Я тоже желаю Лене счастья, но меня удивляет задиристый тон дяди Сережи.
— Ты чего?
— А ты чего? Думаешь, как стал помощником мастера…
— Еще не стал. Успокойся.
— Станешь. Знаю я вас таких!.. Вот так, если задуматься, зачем тебе? Молодой, здоровый. Семьи нет. А все туда же! Где-то лизнул, кому-то что-то сказал. Думаешь, я не понимаю, как эти дела делаются?
— Дядя Сережа, пошарь во лбу. По-моему, ты спишь.
— Дядя Сережа и спит, а все видит!.. — Он помолчал. — Ну ладно, положим, не делал ты ничего такого. Но ведь и другого не делал. Я мог бы. Позвали тебя, а ты: так, мол, и так. Есть тут у нас один человек. Надежный, волевой. Закладывал, пил, можно сказать, как лошадь. А потом захотел бросить — и бросил. Вот уж сколько времени ни капли во рту. Тебе эта должность — тьфу! А я человек на возрасте…
— А что — правда ни капли? Прямо-таки с тех пор?
— С тех пор! — И лицо у дяди Сережи посветлело. — Чудно мне! И как это вы живете — непьющие? Я прямо диву даюсь.
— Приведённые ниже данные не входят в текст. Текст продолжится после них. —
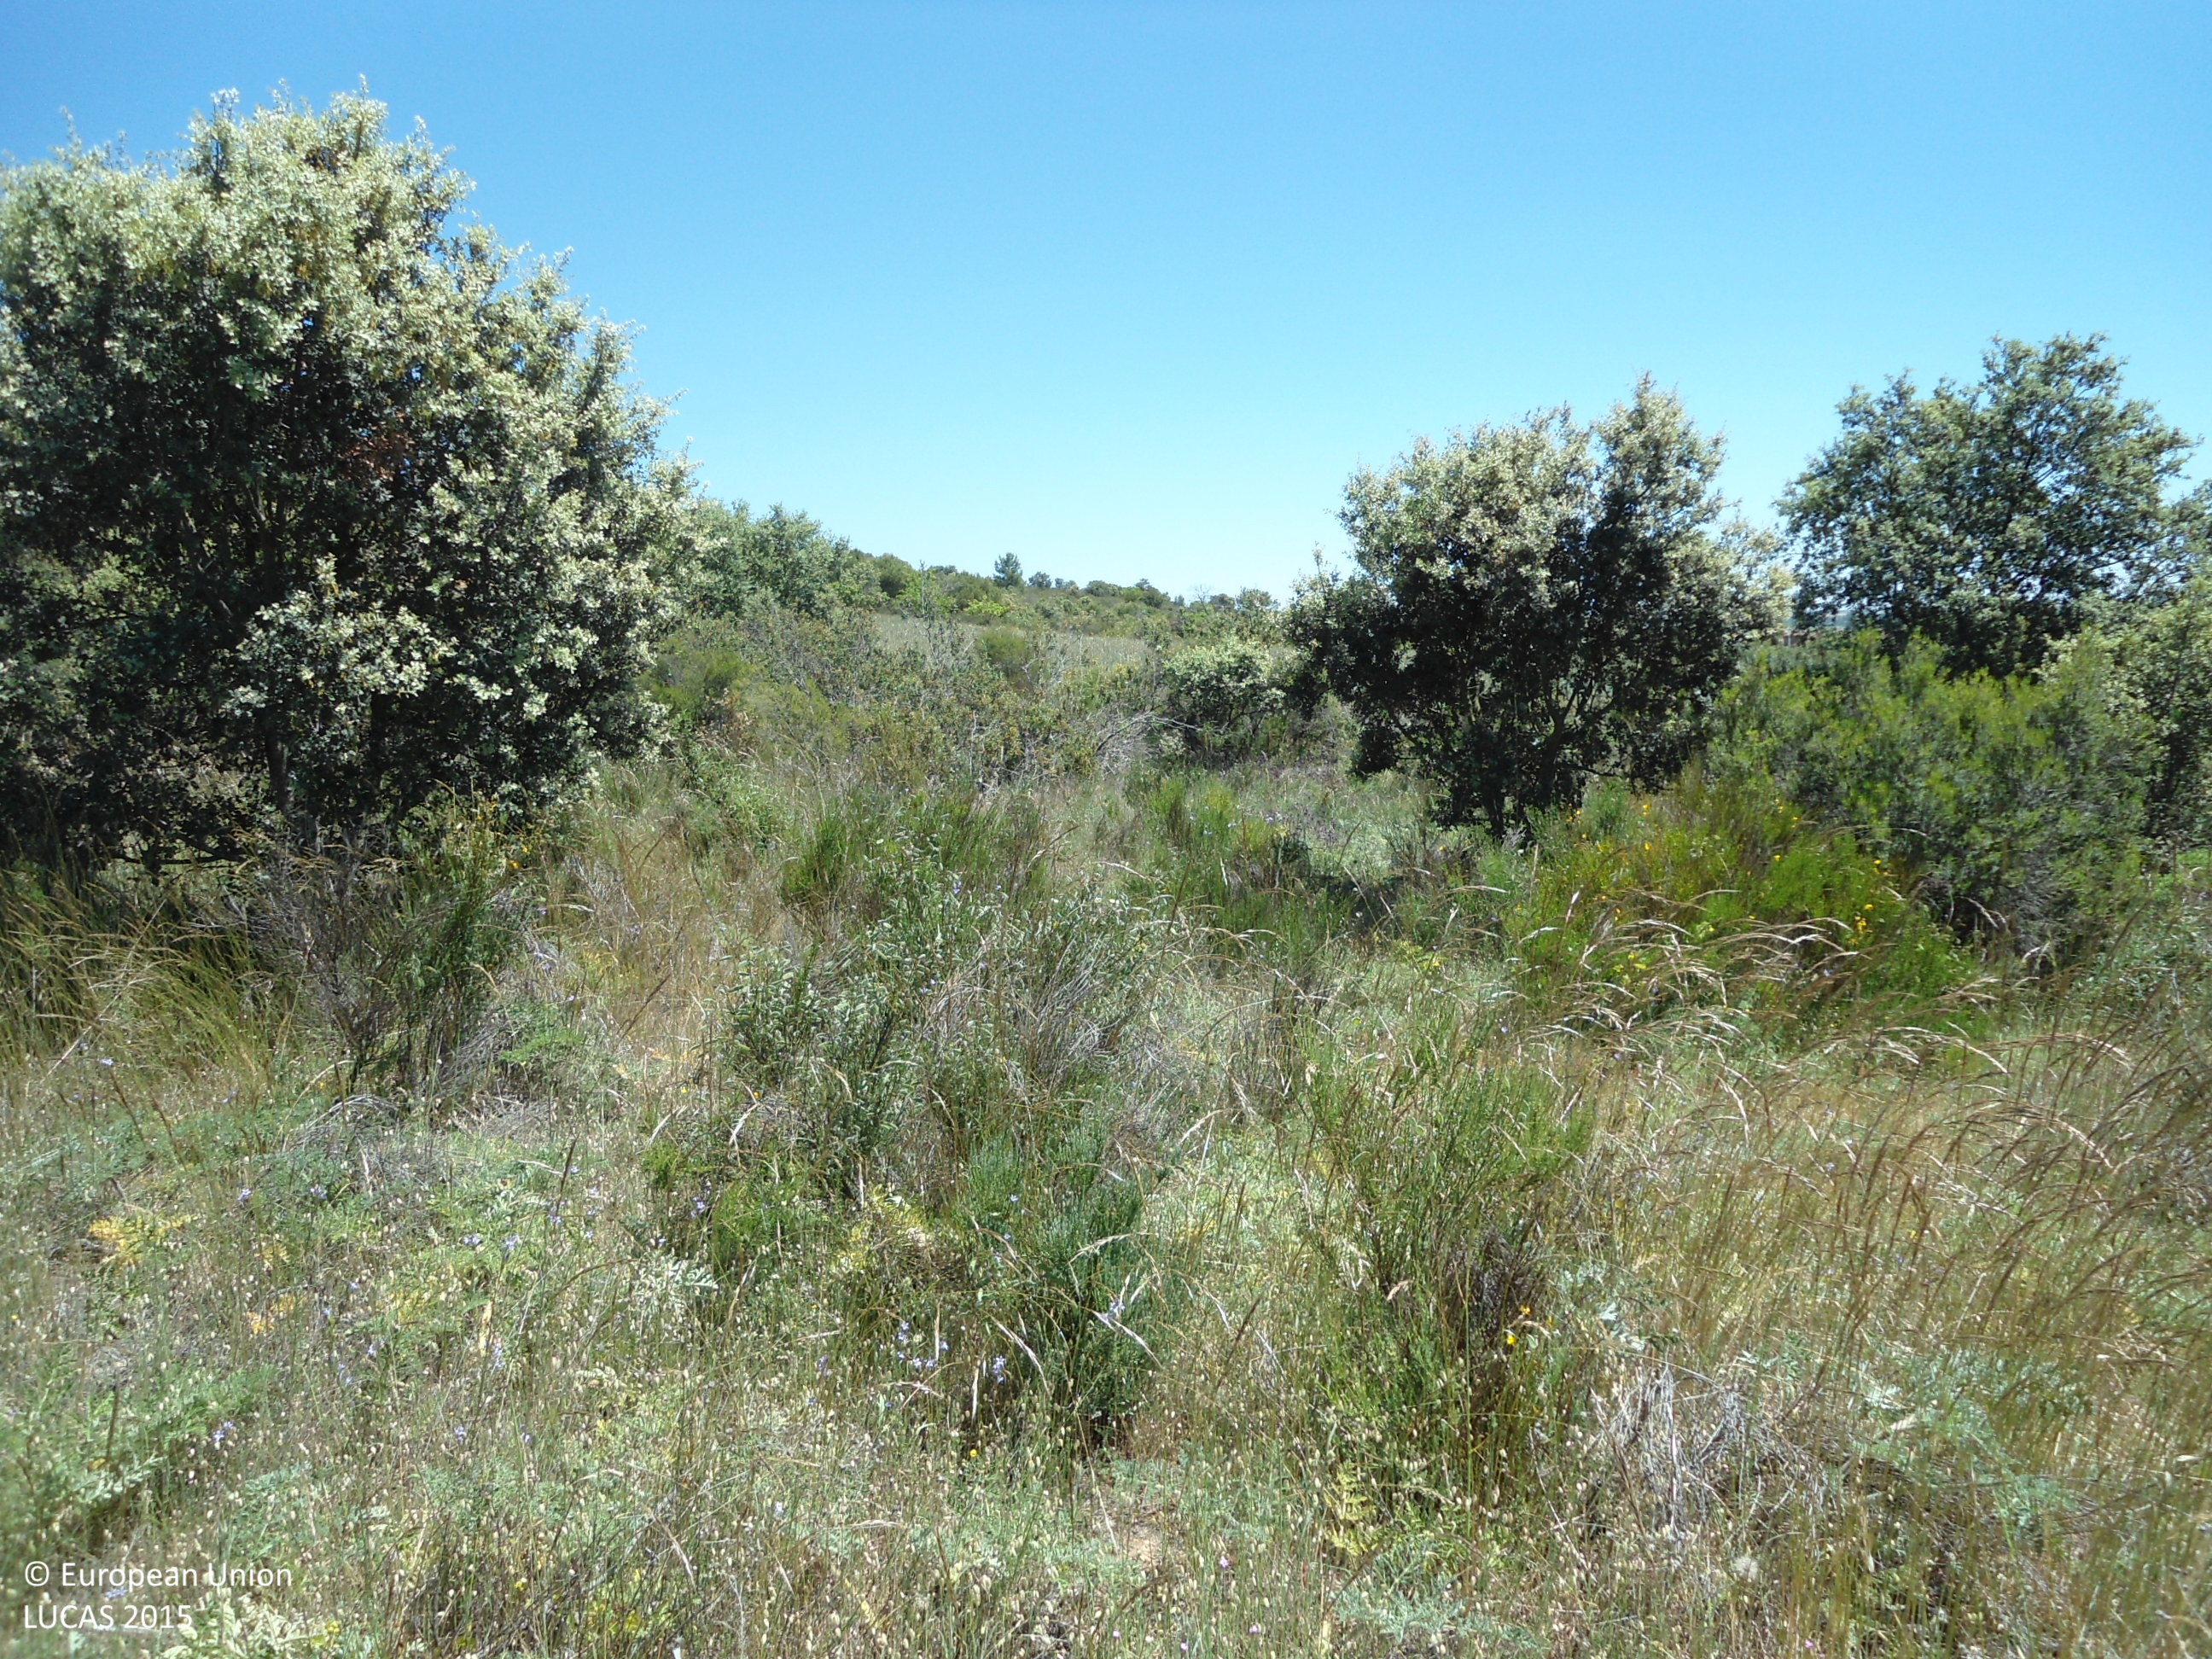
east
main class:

Приду домой и думаю: а что это непьющие делают, когда с работы приходят? Ага, вспоминаю, телевизор смотрят. Смотрю телик. Потом надоест, что ж дальше, думаю? Ага, книгу читают. Читаю книгу. Иной раз интересные попадаются. Но больше так, про котов.
— Про каких котов?
— Да понимаешь, дома у меня, у племянницы, — как ни возьмешь книгу, так про кота. Или про собаку. И вот пишет, и пишет. И умная она, эта сучка, и разумная. Только что по-людски не говорит.
— Что ж тут плохого?
— А что хорошего? А если я, к примеру, собак не люблю? Могу я не любить собак?
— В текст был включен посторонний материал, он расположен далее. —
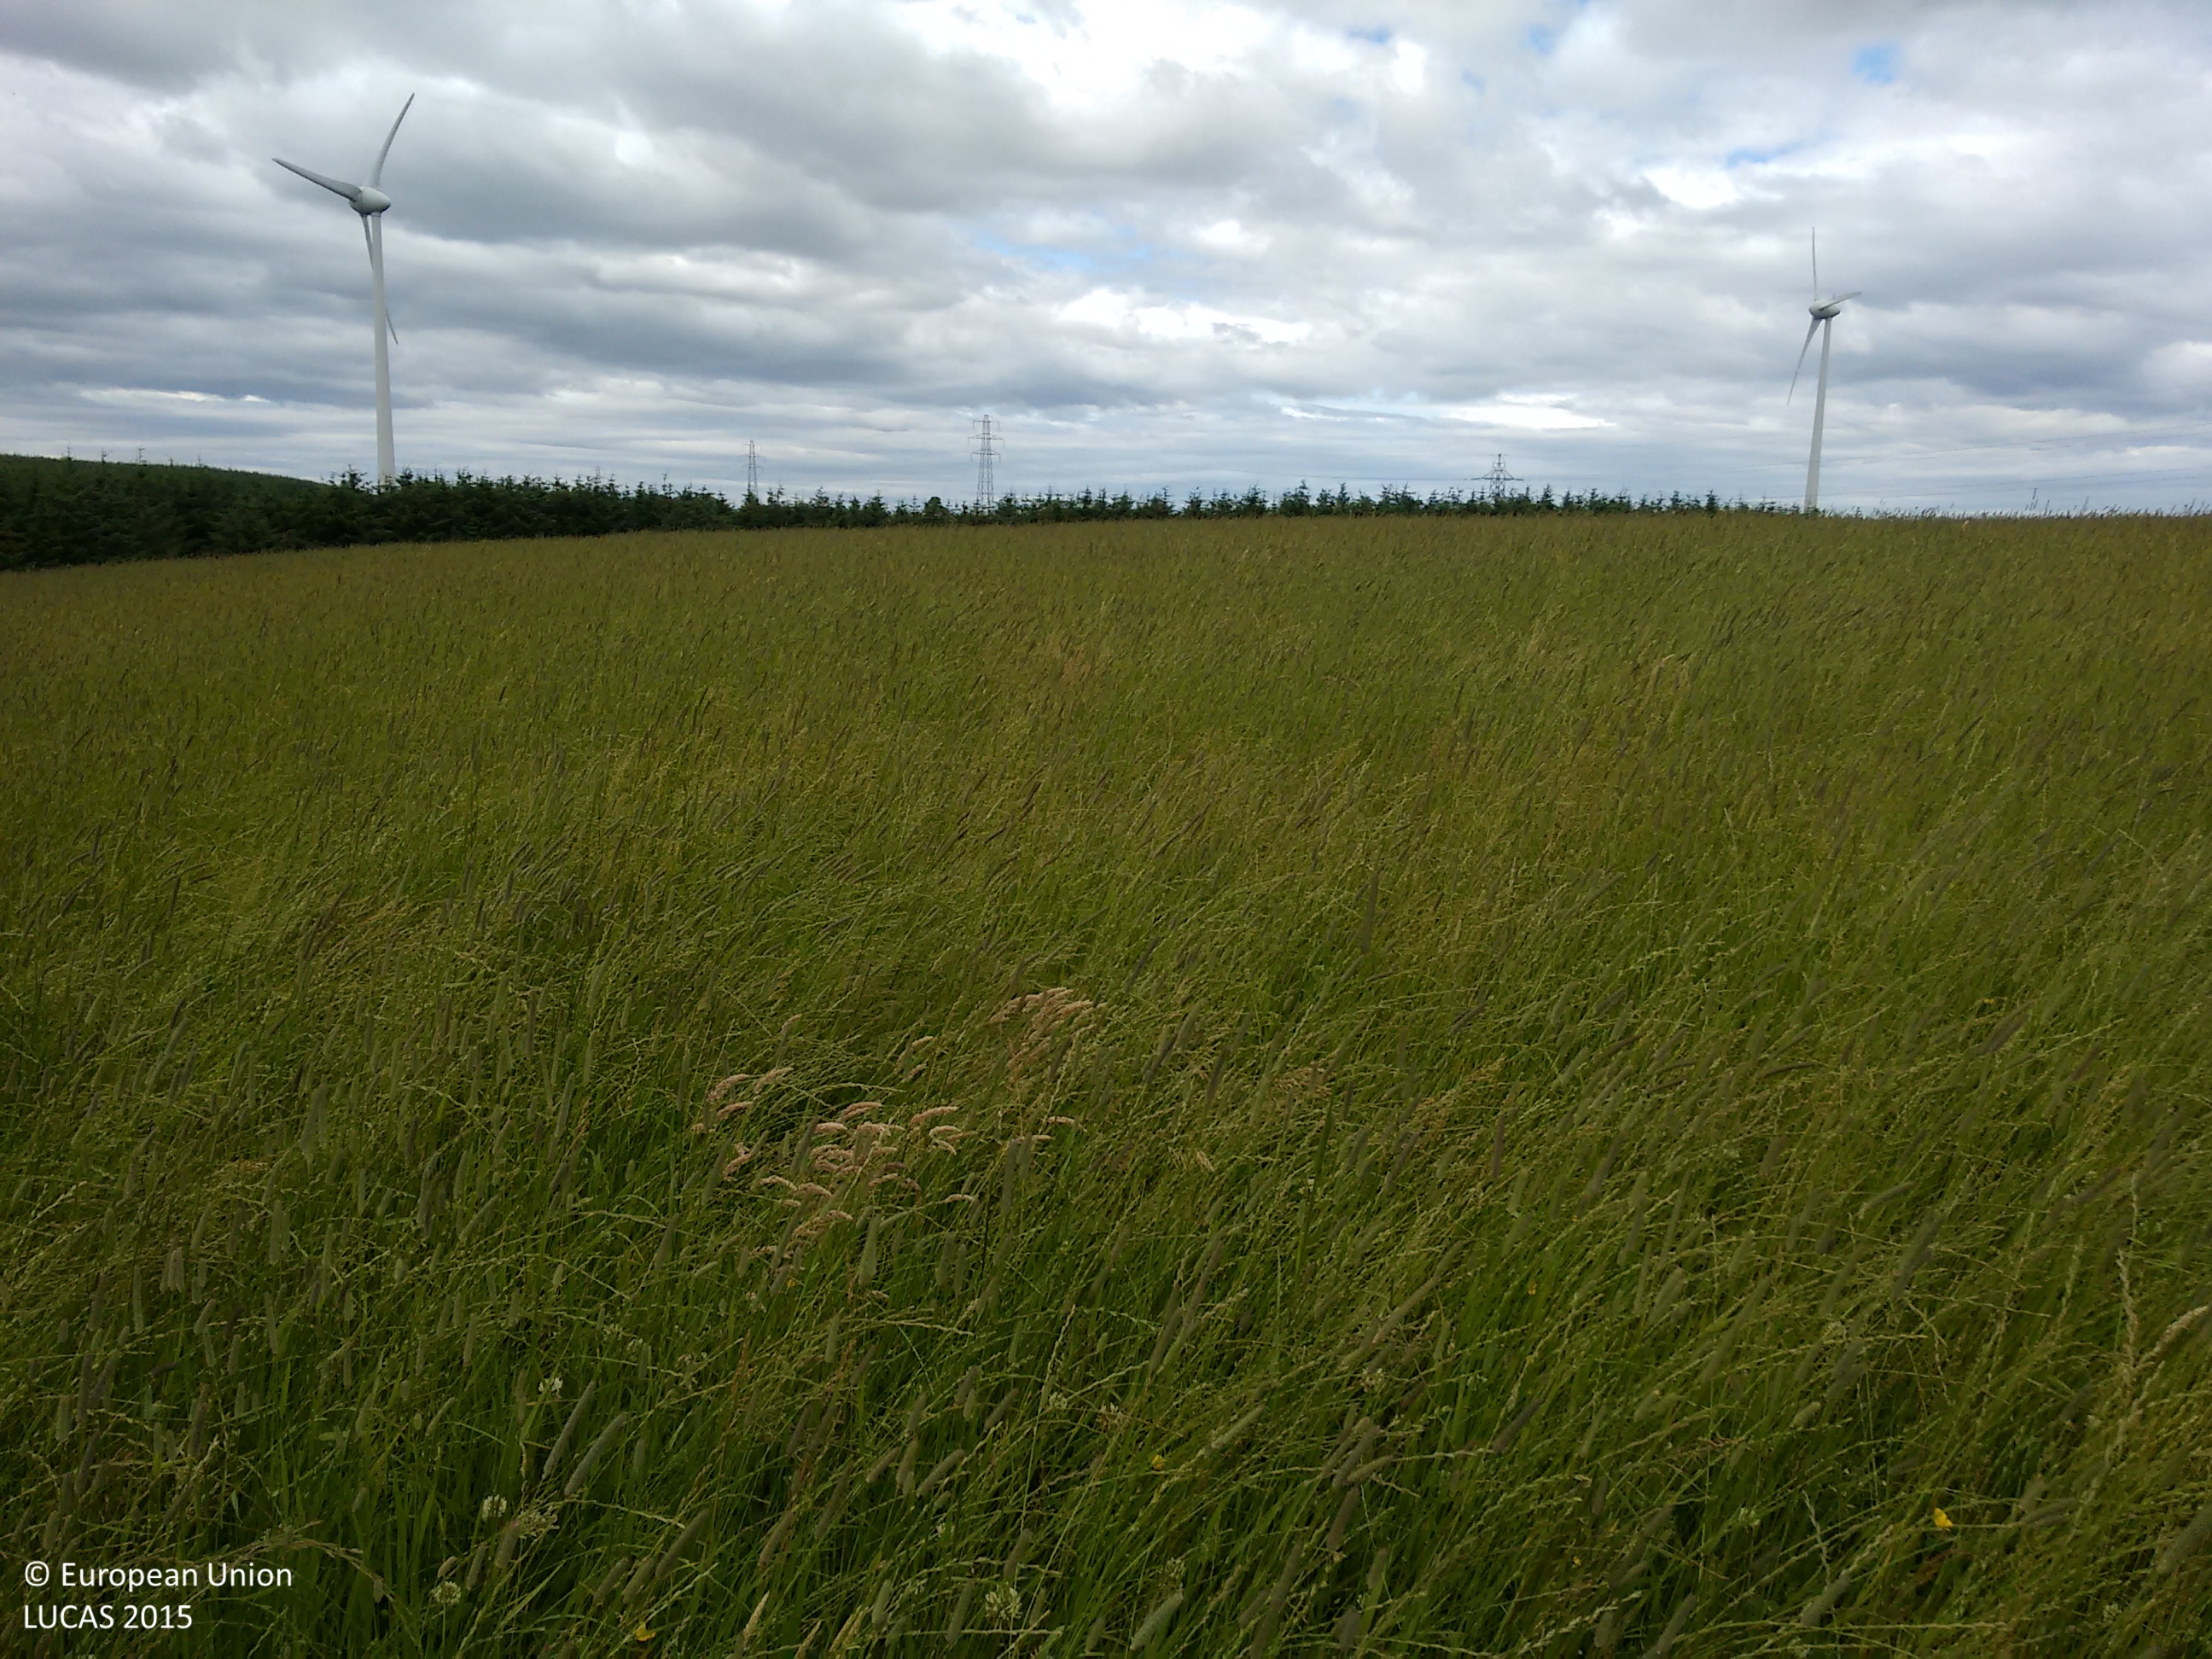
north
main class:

— Нет, не можешь. Собака — друг человека.
— Знаем мы этих друзей. Это она тебе друг, пока ты в порядке. А ты вот попробуй под мухой по дворам походи, а я потом на твои штаны посмотрю… Здравствуйте! Здравствуйте, Федор Степанович!
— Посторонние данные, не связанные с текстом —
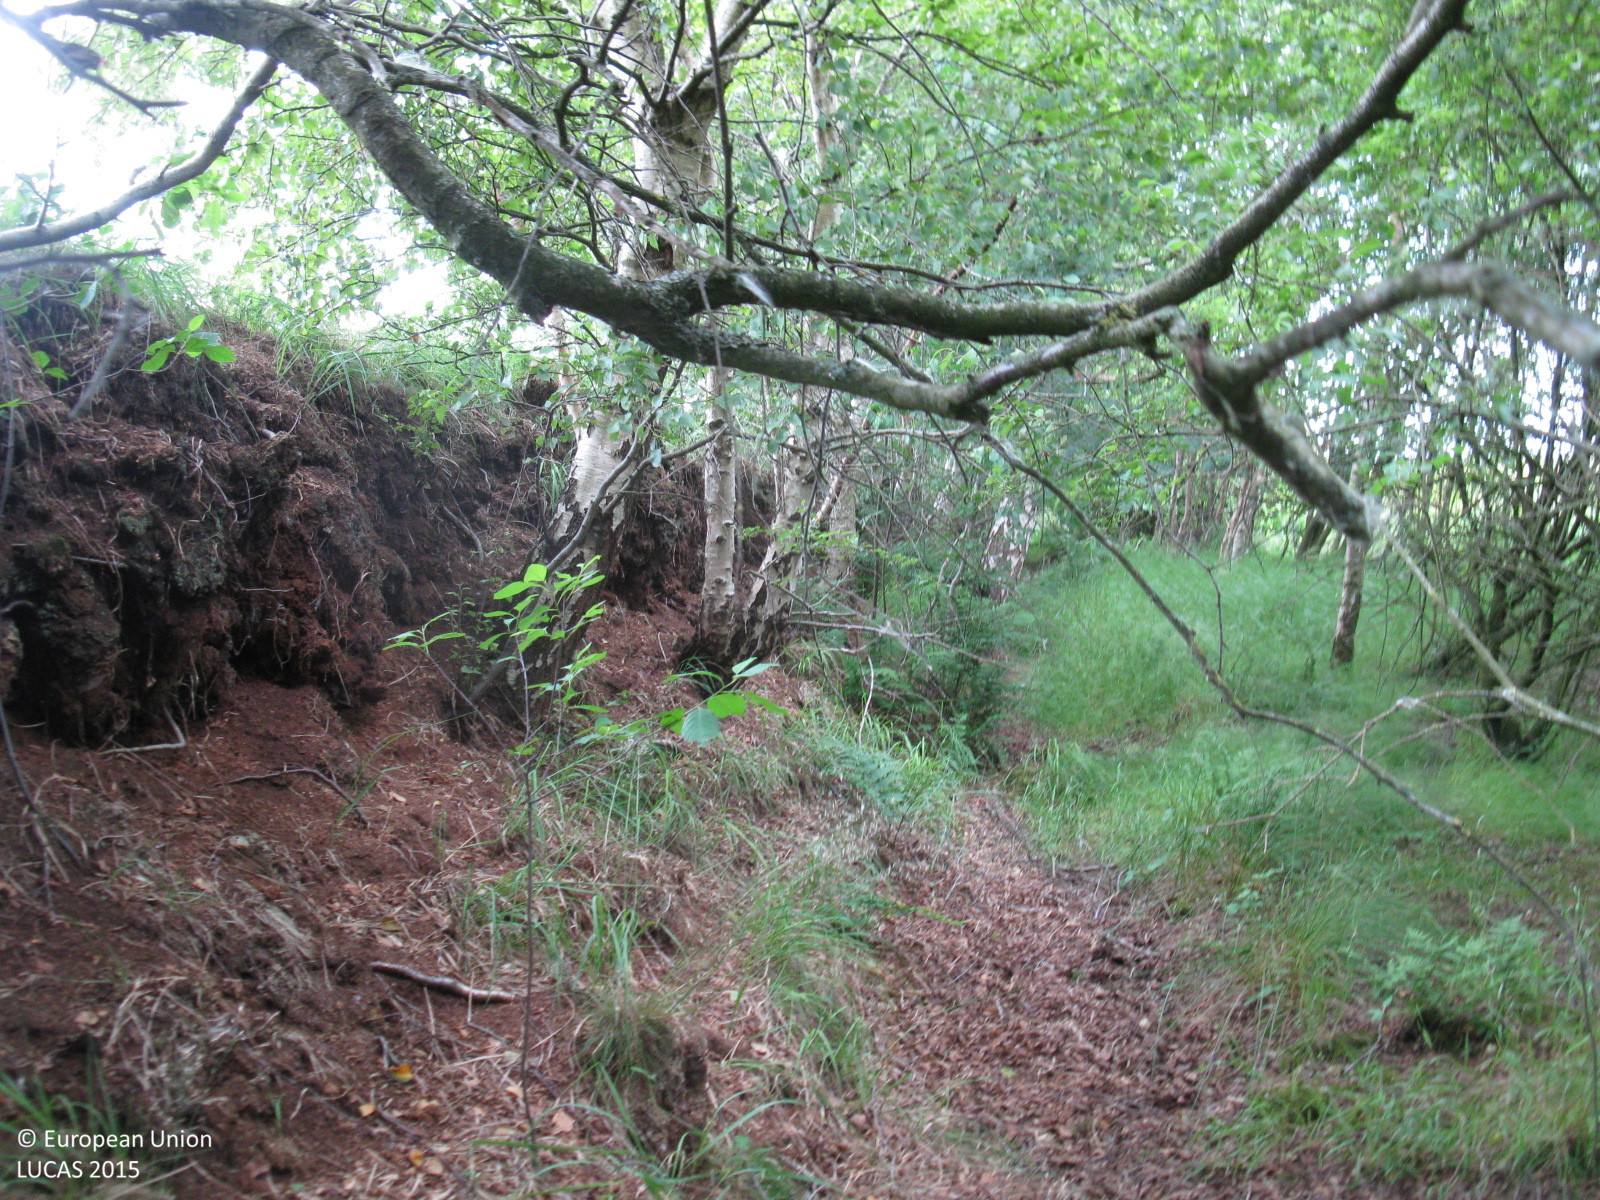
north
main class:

Артиста сразу же как подменили. Он вдруг вскочил со скамейки, затопал туда-сюда. Загасил свою самокрутку, бросил на пол. Поднял, бросил в урну.
Начальник цеха в курилку заходит редко. А тут он вошел с сигаретой и стаканом чаю.
— Ну как дела, Муромцев, надумал?
— Думаю.
— Да не слушайте вы его, Федор Степанович! — захлопотал Артист. — Согласен он, согласен. И мы все согласны. Лучшего помощника мастера нам и не надо!
— А ты почему расписываешься за него? — Федор Степанович говорил спокойно, но Артист занервничал еще больше. — И почему не на рабочем месте?
Вообще-то мы с дядей Сережей имеем право посидеть в курилке: у нас ученики у станков. Но Артист, Видно, не догадался сказать. Или ему хотелось оставить нас вдвоем.
— Верные ваши слова! Работа — дело святое. Ну, я пошел.
И какой-то не своей, медленной поступью он удалился прочь.
— Долго думаешь, — сказал Федор Степанович, — нам и надоесть может.
— С отцом надо посоветоваться. Все никак не соберусь.